Context: The following is a summary of the previous conversation:
Bob is seeking assistance in planning his trip to Athens, Greece, starting with transportation options. He inquired about available flights from Lyon to Athens, and the assistant advised him to check travel websites, providing general information on airlines, flight duration, frequency, booking tips, and airport transfers. Clement found a specific flight on Air France for August 15th and asked about transportation options from the Athens airport to the city center.

Assistant: Great choice! Air France is a reliable airline, and it seems like you’ve found a convenient flight. Once you arrive in Athens, there are several transportation options to get to the city center from Athens International Airport (Eleftherios Venizelos) …

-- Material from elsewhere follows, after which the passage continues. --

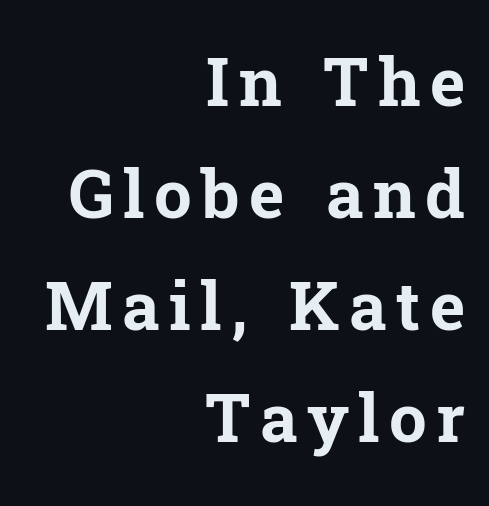
One glance says typical: line gaps are just what's usual. Little horizontal feet cap the strokes, marking this as serif type. The passage shown is not underscored anywhere. Here the designer chose a conventional face with non-uniform glyph widths. Notice how thick the strokes are: this is what a full bold looks like.
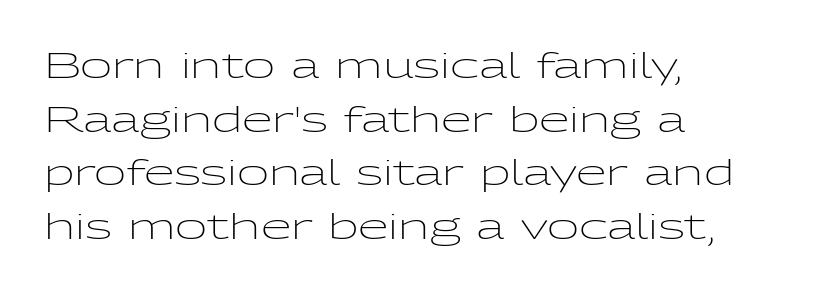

So our chat history now contains the system message with the summary, and the Assistant’s response to the last user question.

4) After the fourth request, the chat history is still summarized, and the summary is used in the next request:

System: You are a police and helpful assistant.

Context: The following is a summary of the previous conversation:
...

Assistant: Great choice! Air France is a reliable airline, and it seems like you’ve found a convenient flight. Once you arrive in Athens, there are several transportation options to get to the city center from Athens International Airport (Eleftherios Venizelos) …
User: Thanks, I will take a taxi from the airport to the city center. How long does it take to get from Athens airport to the city center by taxi?
Assistant: Taking a taxi from Athens International Airport to the city center typically takes about 30 to 40 minutes, depending on traffic conditions. During peak hours, such as mornings and late afternoons, it may take a bit longer due to congestion. Be sure to communicate your destination clearly to the driver. Safe travels! If you have any more questions, feel free to ask.

This sequence demonstrates how semantic compression allows the conversation to continue without losing context, even as the chat history grows.

Conclusion

By integrating semantic compression via a custom ChatMemoryStore, you preserve key context, avoid token-limit errors, and optimize costs and latency for long-running dialogs.

Semantic compression only applies to textual chat memories and should not be used for vision or other non-text data.